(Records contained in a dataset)
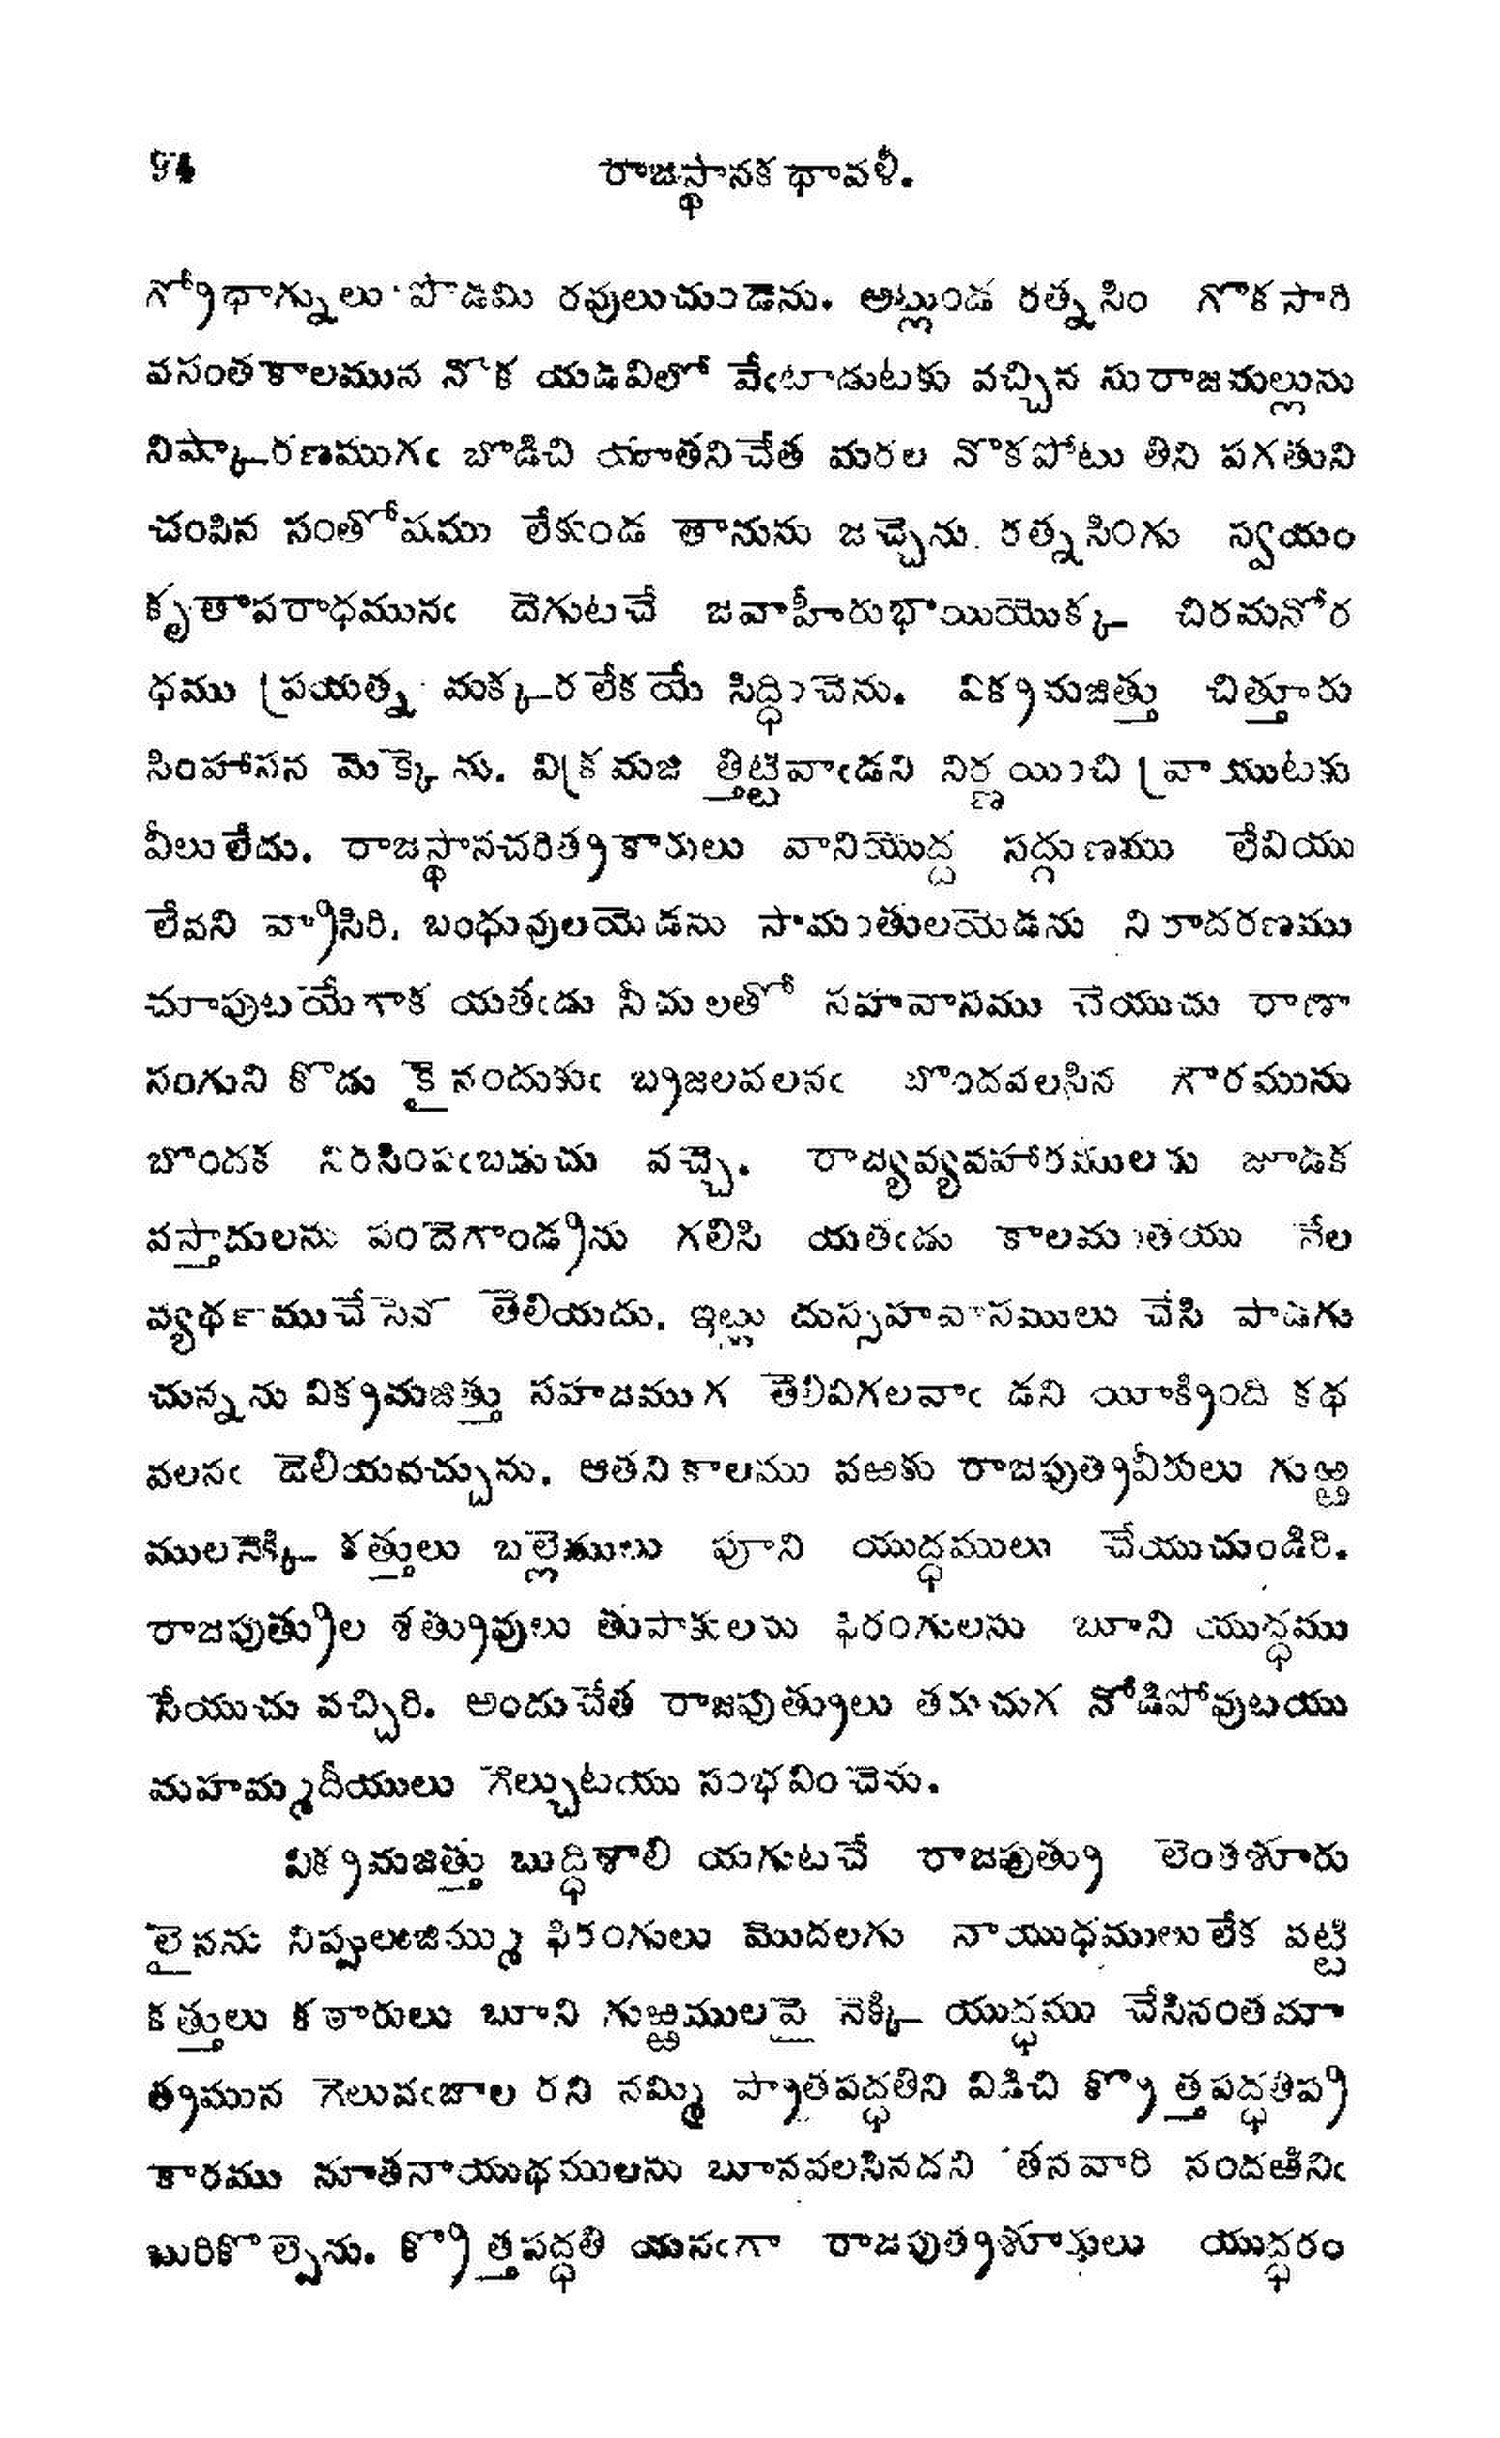గ్రోధాగ్నులు పొడమి రవులుచుండెను. అట్లుండ రత్నసింగొక సాగి వసంత కాలమున నొక యడివిలో వేఁటాడుటకు వచ్చిన సురాజమల్లును
నిష్కారణముగఁ బొడిచి యాతని చేత మరల నొకపోటు తిని పగతుని చంపిన సంతోషము లేకుండ తానును జచ్చెను. రత్న సింగు స్వయంకృతాపరాధమునఁ దెగుటచే జవాహీరుభాయియొక్క చిరమనోరధము ప్రయత్న మక్కర లేకయే సిద్ధించెను. విక్రమజిత్తు చిత్తూరు
సింహాసన మెక్కెను. విక్రమజి త్తిట్టివాఁడని నిర్ణయించి వ్రాయుటకు వీలు లేదు. రాజస్థానచరిత్ర కారులు వాని యోద్ధ సద్గుణము లేవియు
లేవని వ్రాసిరి, బంధువులయెడను సామంతులయెడను నిరాదరణము చూపుటయే గాక యతఁడు నీచులతో సహవాసము చేయుచు రాణా
సంగుని కొడు కైనందుకుఁ బ్రజలవలనఁ బొందవలసిన గౌరమును బొందక నిరసింపఁబడుచు వచ్చె. రాజ్య వ్యవహారములను జూడక
వస్తాదులను పందెగాండ్రను గలిసి యతఁడు కాలమంతయు 'నేల వ్యథ౯ము చేసినో తెలియదు. ఇట్లు దుస్సహవాసములు చేసి పాడగు
చున్నను విక్రమజిత్తు సహజముగ తెలివిగలవాఁ డని యీక్రింది కథ వలనఁ దెలియవచ్చును. ఆతని కాలము వఱకు రాజపుత్ర వీరులు గుఱ్ఱ
ముల నెక్కి- కత్తులు బల్లెములు పూని యుద్ధములు చేయుచుండిరి. రాజపుత్రుల శత్రువులు తుపాకులను ఫిరంగులను బూని
యుద్ధము సేయుచు వచ్చిరి. అందుచేత రాజపుత్రులు తరుచుగ నోడిపోవుటయు మహమ్మదీయులు గెల్చుటయు సంభవించెను.

విక్రమజిత్తు బుద్ధిశాలి యగుటచే రాజపుత్రు లెంతశూరులైనను నిప్పులఁ జిమ్ము ఫిరంగులు మొదలగు నాయుధములు లేక వట్టి కత్తులు కఠారులు బూని గుఱ్ఱముల పై నెక్కి యుద్ధము చేసినంత మాత్రమున గెలువఁజాల రని నమ్మి ప్రాత పద్ధతిని విడిచి క్రోత్త పద్ధతిప్రకారము నూతనాయుథములను బూనవలసినదని 'తన వారి నందఱిని బురికోల్పెను. క్రోత్త పద్ధతి యనఁగా రాజపుత్రశూరులు యుద్ధరం
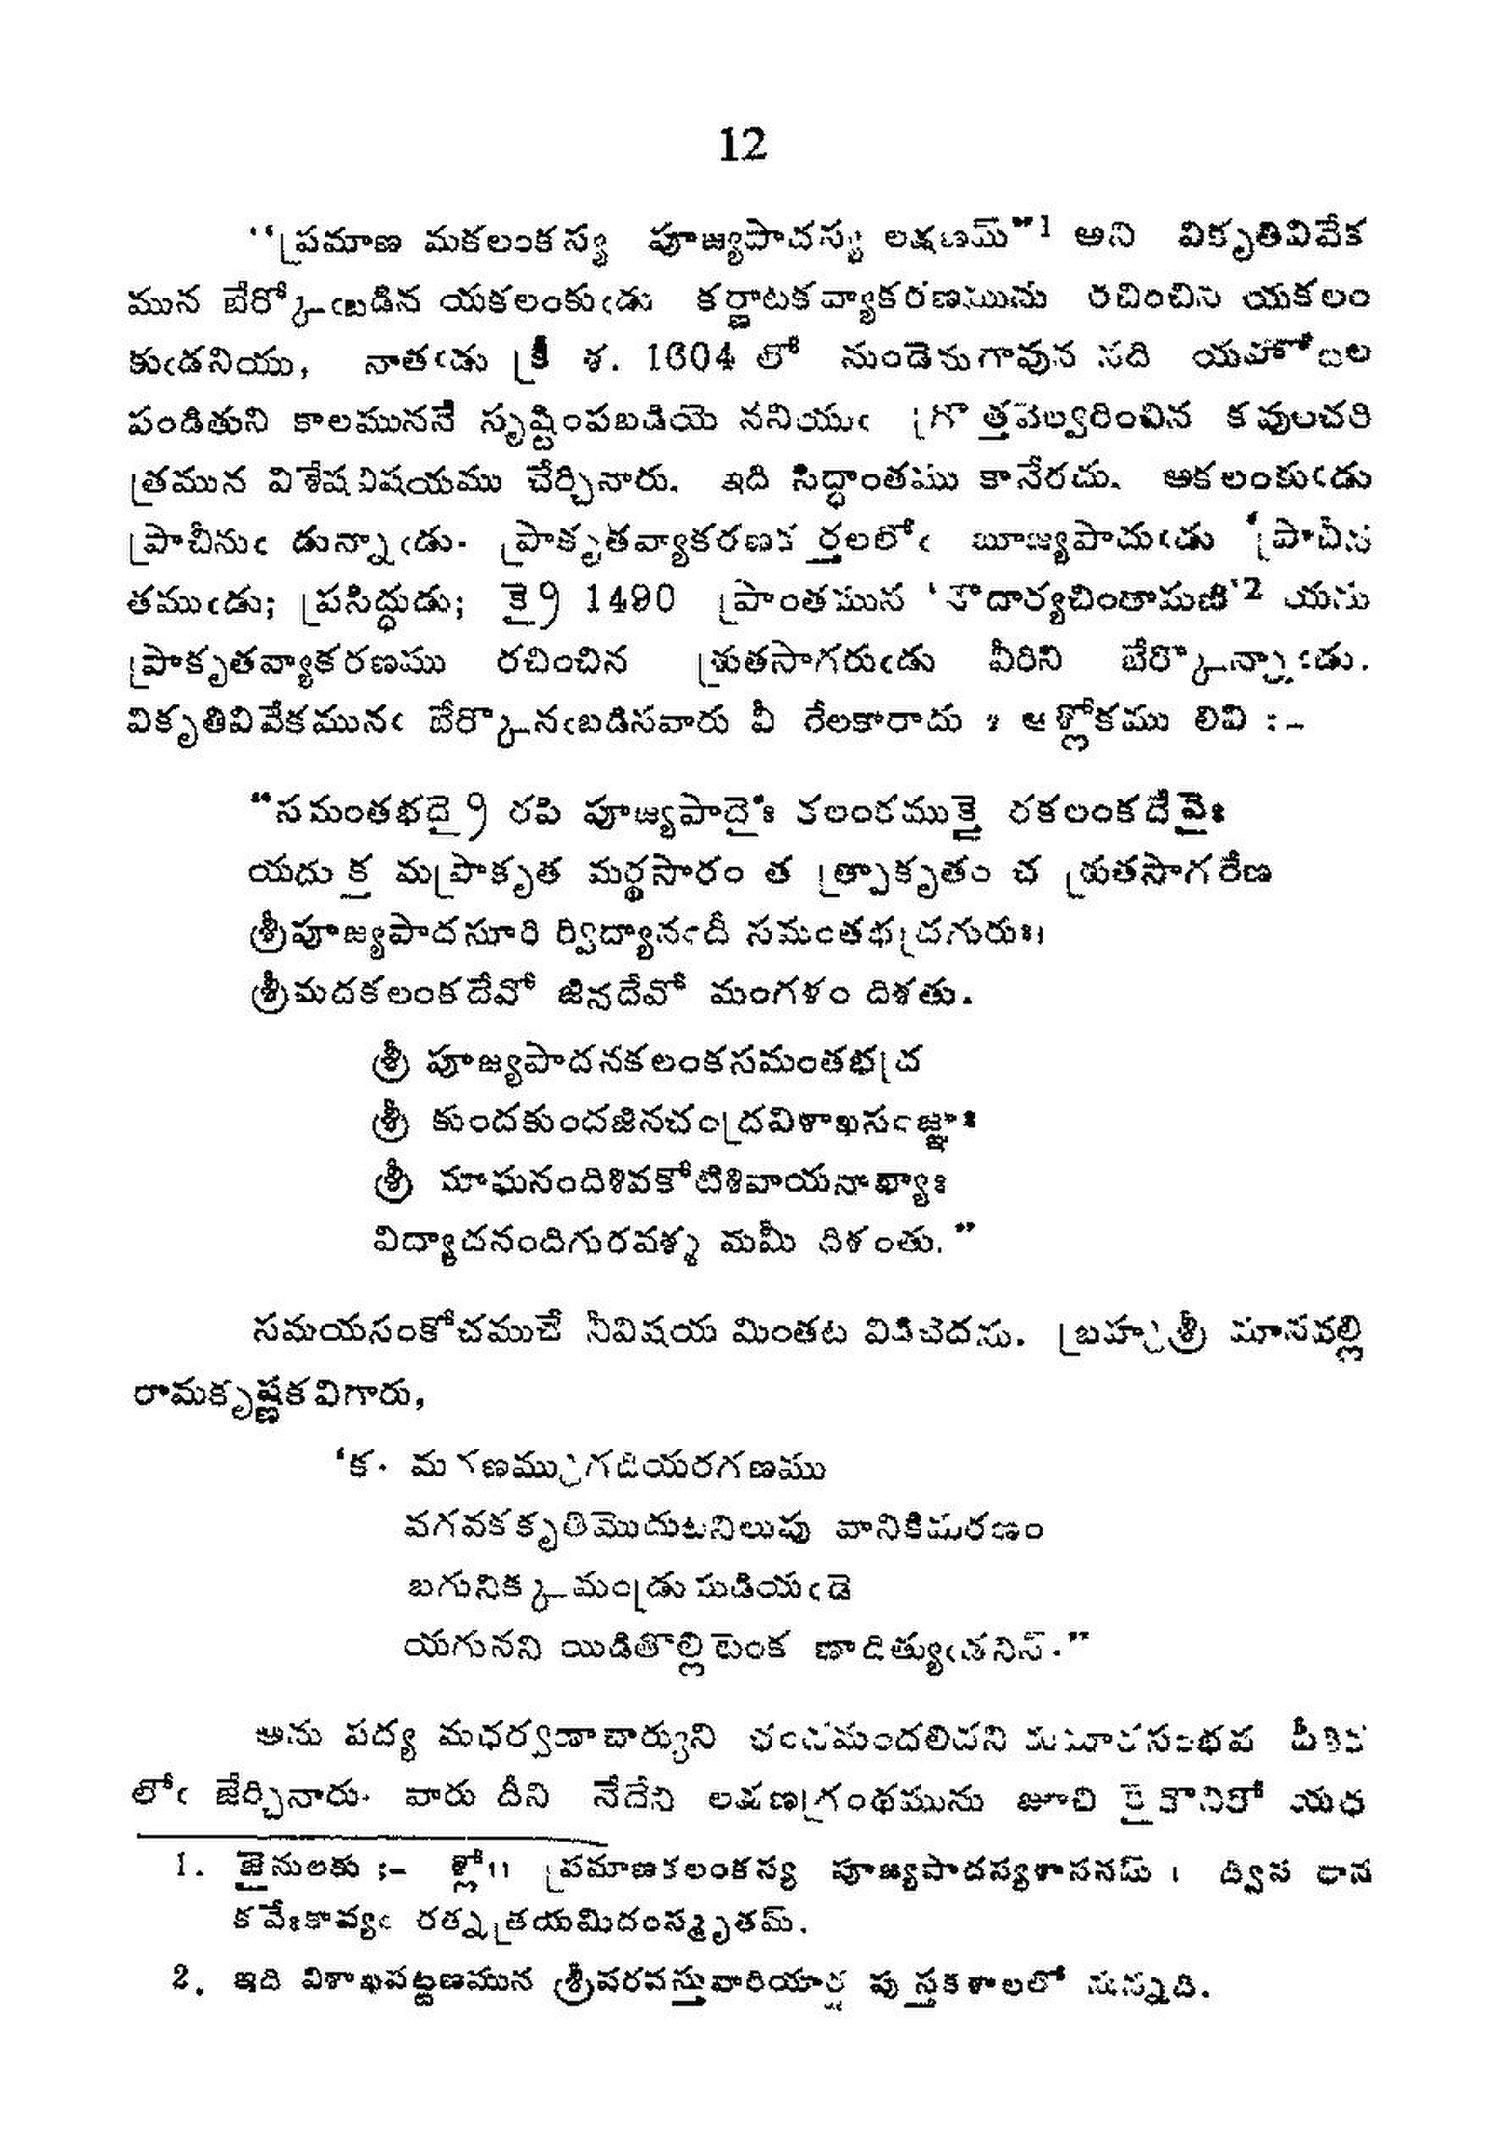"ప్రమాణ మకలంకస్య పూజ్యపాదస్య లక్షణమ్" అని వికృతివివేకమున బేర్కోఁబడిన యకలంకుఁడు కర్ణాటకవ్యాకరణమును రచించిన యకలంకుఁ డనియు, నాతఁడు క్రీ శ. 1604 లో నుండెను గావున నది యహోబలపండితుని కాలముననే సృష్టింపబడియె ననియుఁ గ్రొత్త వెల్వరించిన కవులచరిత్రమున విశేషవిషయము చేర్చినారు. ఇది సిద్ధాంతము కానేరదు. అకలంకుఁడు ప్రాచీనుఁ డున్నాడు. ప్రాకృతవ్యాకరణకర్తలలోఁ బూజ్యపాదుఁడు ప్రాచీనతముఁడు; ప్రసిద్ధుడు; క్రై 1490 ప్రాంతమున 'నౌదార్యచింతామణి' యను ప్రాకృతవ్యాకరణము రచించిన శ్రుతసాగరుఁడు వీరిని బేర్కొన్నాడు. వికృతివివేకమునఁ బేర్కొనఁబడినవారు వీ రేలకారాదు. ఆ శ్లోకము లివి:–

“సమంతభద్రై రపి పూజ్యపాదైః కలంకముక్తై రకలంకదేవైః
యదుక్త మప్రాకృత మర్థసారం త త్ప్రాకృతం చ శ్రుతసాగరేణ
శ్రీపూజ్యపాదసూరి ర్విద్యానందీ సమంతభద్రగురుః
శ్రీమదకలంకదేవో జినదేవో మంగళం దిశతు. 

శ్రీ పూజ్యపాదనకలంకసమంతభద్ర
శ్రీ కుందకుందజినచంద్రవిశాఖసంజ్ఞాః
శ్రీ మాఘనందిశివకోటిశివాయనాఖ్యాః
విద్యాచనంది గురవశ్శ మమీ దిశంతు.”  

సమయసంకోచముచే నీవిషయ మింతట విడిచెదను. బ్రహ్మశ్రీ మానవల్లి రామకృష్ణకవిగారు,

 
అను పద్య మధర్వణాచార్యుని ఛందమందలిదని కుమారసంభవ పీఠికలోఁ జేర్చినారు. వారు దీని నేదేని లక్షణగ్రంథమును జూచి కైకొనిరో యధ

PROBLEM REQUIREMENTS – In your copy, repeat the records above exactly and include no images.

OUTPUT OF THE EXERCISE –
గ్రోధాగ్నులు పొడమి రవులుచుండెను. అట్లుండ రత్నసింగొక సాగి వసంత కాలమున నొక యడివిలో వేఁటాడుటకు వచ్చిన సురాజమల్లును
నిష్కారణముగఁ బొడిచి యాతని చేత మరల నొకపోటు తిని పగతుని చంపిన సంతోషము లేకుండ తానును జచ్చెను. రత్న సింగు స్వయంకృతాపరాధమునఁ దెగుటచే జవాహీరుభాయియొక్క చిరమనోరధము ప్రయత్న మక్కర లేకయే సిద్ధించెను. విక్రమజిత్తు చిత్తూరు
సింహాసన మెక్కెను. విక్రమజి త్తిట్టివాఁడని నిర్ణయించి వ్రాయుటకు వీలు లేదు. రాజస్థానచరిత్ర కారులు వాని యోద్ధ సద్గుణము లేవియు
లేవని వ్రాసిరి, బంధువులయెడను సామంతులయెడను నిరాదరణము చూపుటయే గాక యతఁడు నీచులతో సహవాసము చేయుచు రాణా
సంగుని కొడు కైనందుకుఁ బ్రజలవలనఁ బొందవలసిన గౌరమును బొందక నిరసింపఁబడుచు వచ్చె. రాజ్య వ్యవహారములను జూడక
వస్తాదులను పందెగాండ్రను గలిసి యతఁడు కాలమంతయు 'నేల వ్యథ౯ము చేసినో తెలియదు. ఇట్లు దుస్సహవాసములు చేసి పాడగు
చున్నను విక్రమజిత్తు సహజముగ తెలివిగలవాఁ డని యీక్రింది కథ వలనఁ దెలియవచ్చును. ఆతని కాలము వఱకు రాజపుత్ర వీరులు గుఱ్ఱ
ముల నెక్కి- కత్తులు బల్లెములు పూని యుద్ధములు చేయుచుండిరి. రాజపుత్రుల శత్రువులు తుపాకులను ఫిరంగులను బూని
యుద్ధము సేయుచు వచ్చిరి. అందుచేత రాజపుత్రులు తరుచుగ నోడిపోవుటయు మహమ్మదీయులు గెల్చుటయు సంభవించెను.

విక్రమజిత్తు బుద్ధిశాలి యగుటచే రాజపుత్రు లెంతశూరులైనను నిప్పులఁ జిమ్ము ఫిరంగులు మొదలగు నాయుధములు లేక వట్టి కత్తులు కఠారులు బూని గుఱ్ఱముల పై నెక్కి యుద్ధము చేసినంత మాత్రమున గెలువఁజాల రని నమ్మి ప్రాత పద్ధతిని విడిచి క్రోత్త పద్ధతిప్రకారము నూతనాయుథములను బూనవలసినదని 'తన వారి నందఱిని బురికోల్పెను. క్రోత్త పద్ధతి యనఁగా రాజపుత్రశూరులు యుద్ధరం
"ప్రమాణ మకలంకస్య పూజ్యపాదస్య లక్షణమ్" అని వికృతివివేకమున బేర్కోఁబడిన యకలంకుఁడు కర్ణాటకవ్యాకరణమును రచించిన యకలంకుఁ డనియు, నాతఁడు క్రీ శ. 1604 లో నుండెను గావున నది యహోబలపండితుని కాలముననే సృష్టింపబడియె ననియుఁ గ్రొత్త వెల్వరించిన కవులచరిత్రమున విశేషవిషయము చేర్చినారు. ఇది సిద్ధాంతము కానేరదు. అకలంకుఁడు ప్రాచీనుఁ డున్నాడు. ప్రాకృతవ్యాకరణకర్తలలోఁ బూజ్యపాదుఁడు ప్రాచీనతముఁడు; ప్రసిద్ధుడు; క్రై 1490 ప్రాంతమున 'నౌదార్యచింతామణి' యను ప్రాకృతవ్యాకరణము రచించిన శ్రుతసాగరుఁడు వీరిని బేర్కొన్నాడు. వికృతివివేకమునఁ బేర్కొనఁబడినవారు వీ రేలకారాదు. ఆ శ్లోకము లివి:–

“సమంతభద్రై రపి పూజ్యపాదైః కలంకముక్తై రకలంకదేవైః
యదుక్త మప్రాకృత మర్థసారం త త్ప్రాకృతం చ శ్రుతసాగరేణ
శ్రీపూజ్యపాదసూరి ర్విద్యానందీ సమంతభద్రగురుః
శ్రీమదకలంకదేవో జినదేవో మంగళం దిశతు. 

శ్రీ పూజ్యపాదనకలంకసమంతభద్ర
శ్రీ కుందకుందజినచంద్రవిశాఖసంజ్ఞాః
శ్రీ మాఘనందిశివకోటిశివాయనాఖ్యాః
విద్యాచనంది గురవశ్శ మమీ దిశంతు.”  

సమయసంకోచముచే నీవిషయ మింతట విడిచెదను. బ్రహ్మశ్రీ మానవల్లి రామకృష్ణకవిగారు,

 
అను పద్య మధర్వణాచార్యుని ఛందమందలిదని కుమారసంభవ పీఠికలోఁ జేర్చినారు. వారు దీని నేదేని లక్షణగ్రంథమును జూచి కైకొనిరో యధ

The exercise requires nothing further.